Question

A rod of length 10cm made up of conducting and non-conducting material (shaded part is non-conducting). The rod is rotated with constant angular velocity 10 rad/s about point O, in constant magnetic field 2T as shown in figure. The induced emf between the point A and B of rod will be

A. 0.029 V
B. 0.1 V
C. 0.051 V
D. 0.064 V

Answer 1

Consider an elementary section of length of the rod at some distance from point O and calculate the motional emf induced in that small elementary section of the rod.

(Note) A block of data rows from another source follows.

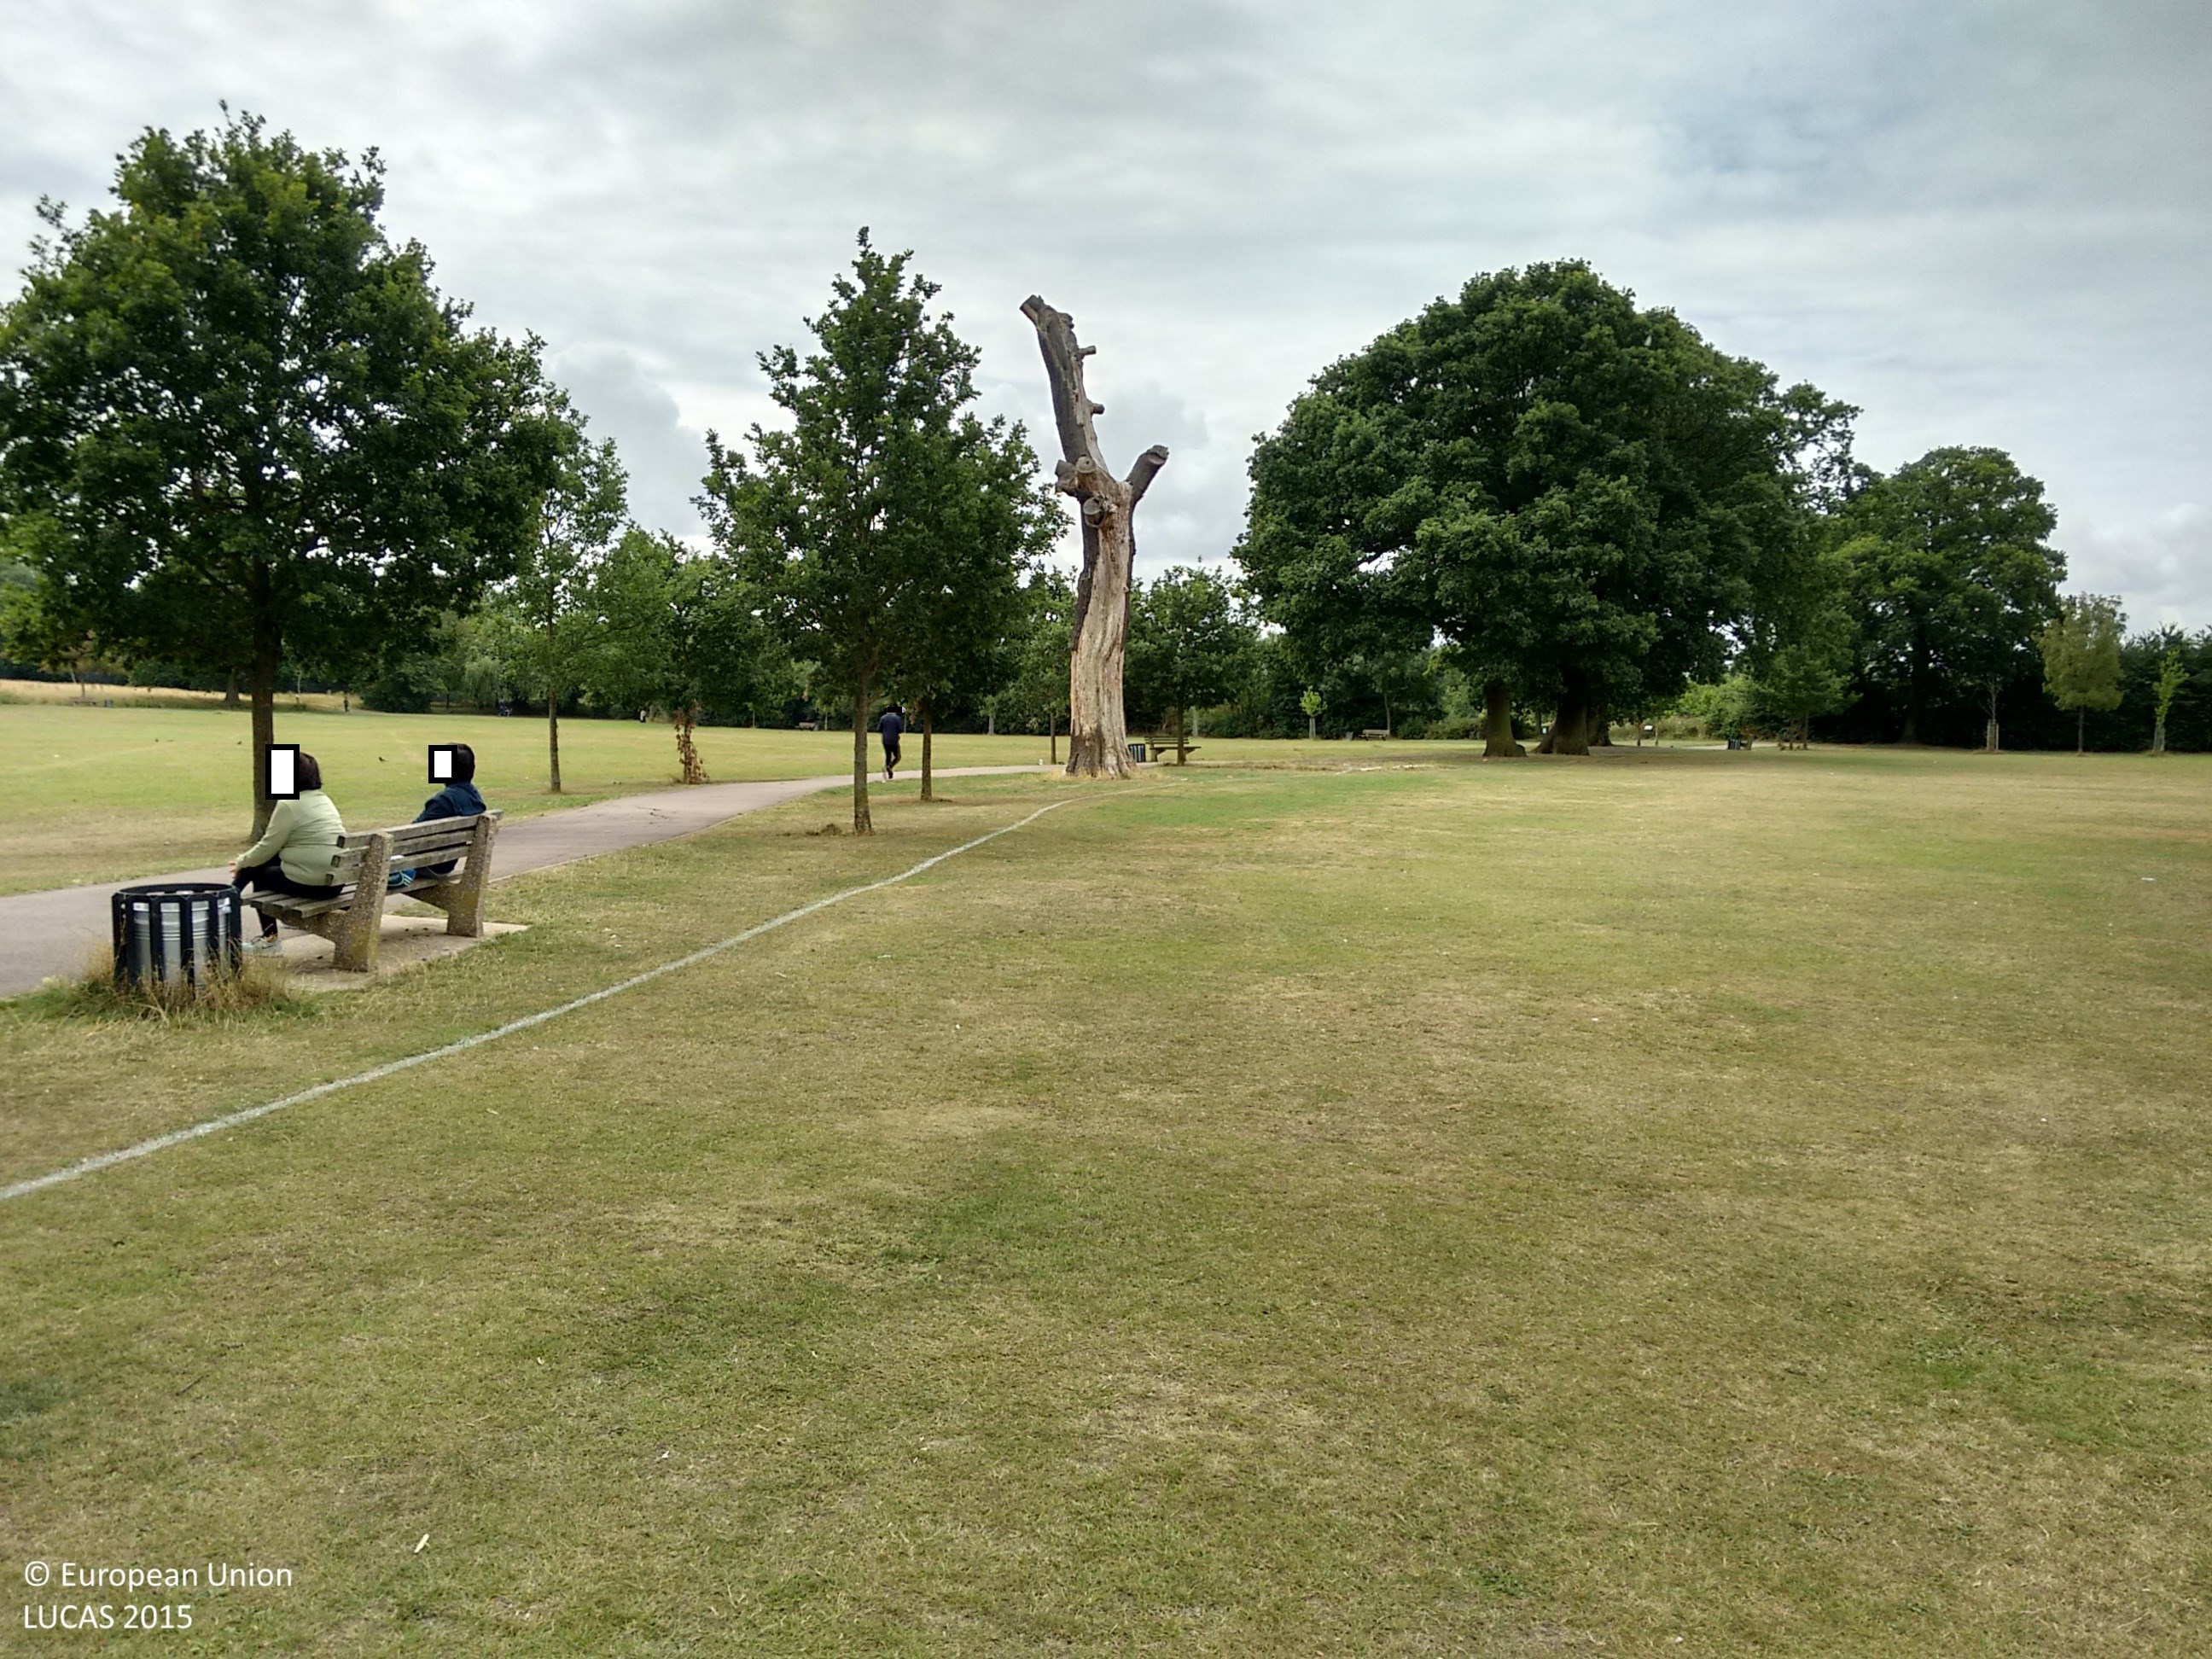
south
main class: Grassland
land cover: Grassland without tree/shrub cover
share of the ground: > 75 %
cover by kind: herbaceous plants 100 %
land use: Amenities, museums, leisure
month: July
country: GB
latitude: 51.5612
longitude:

Integrate the equation from point B to A, to determine the motional emf induced between A and B. you should use angular velocity rather than linear velocity of the rod in the formula for motional emf.

Formula used:
Motional emf, $\varepsilon = BvL$,
where, B is the magnetic field, v is the velocity and L is the length of the rod.

Complete step by step answer:
We have given that the length of the rod is $L = 10\,{\text{cm}}$, the angular velocity of rotation of rod is $\omega = 10\,{\text{rad/s}}$ and the magnetic field is $B = 2\,{\text{T}}$.Let us consider an elementary section of length of the rod at a distance r from O. As the rod starts rotating, due to motion of the rod, the motional emf will be induced in the rod. Let us express the motional emf induced by the elementary length of the rod placed in the uniform magnetic field as follows,
$d\varepsilon = Bvdr$
Here, B is the magnetic field, v is the velocity of the elementary length and $dr$is the small distance.

We know that, $v = r\omega$, where r is the radius of circular motion and $\omega$ is the angular velocity. Therefore, the above equation becomes,
$d\varepsilon = Br\omega dr$
Now, we can express the total induced emf between A and B by integrating the above equation within the limits ${r_i}$ to ${r_f}$.
$\int {d\varepsilon } = \varepsilon = \int\limits_{{r_i}}^{{r_f}} {Br\omega dr}$
$\Rightarrow \varepsilon = B\omega \int\limits_{{r_i}}^{{r_f}} {rdr}$
$\Rightarrow \varepsilon = B\omega \left( {\dfrac{{{r^2}}}{2}} \right)_{{r_i}}^{{r_f}}$

Now, $OB = {r_i} = 0.1 - 0.03 = 0.07\,{\text{m}}$ and $OA = {r_f} = 0.1\,{\text{m}}$.
Substituting $B = 2\,{\text{T}}$, $\omega = 10\,{\text{rad/s}}$, ${r_i} = 0.07\,{\text{m}}$ and ${r_f} = 0.1\,{\text{m}}$ in the above equation, we get,
$\varepsilon = \left( 2 \right)\left( {10} \right)\left( {\dfrac{{{r^2}}}{2}} \right)_{0.07}^{0.1}$
$\Rightarrow \varepsilon = \left( {20} \right)\left( {\dfrac{{{{\left( {0.1} \right)}^2}}}{2} - \dfrac{{{{\left( {0.07} \right)}^2}}}{2}} \right)$
$\Rightarrow \varepsilon = \left( {20} \right)\left( {2.55 \times {{10}^{ - 3}}} \right)$
$\therefore \varepsilon = 0.051\,{\text{V}}$

So, the correct answer is option C.

Note: The linear velocity of the particles of the rod is different at different positions from point O. But, the angular velocity is the same for each particle since it deals with revolutions per unit time. In the solution, we have determined the emf induced in the small elementary length of the rod and to calculate the total emf induced, we have simply integrated the small emf equation. While determining the motional emf, the value of magnetic field should be constant that is uniform magnetic field.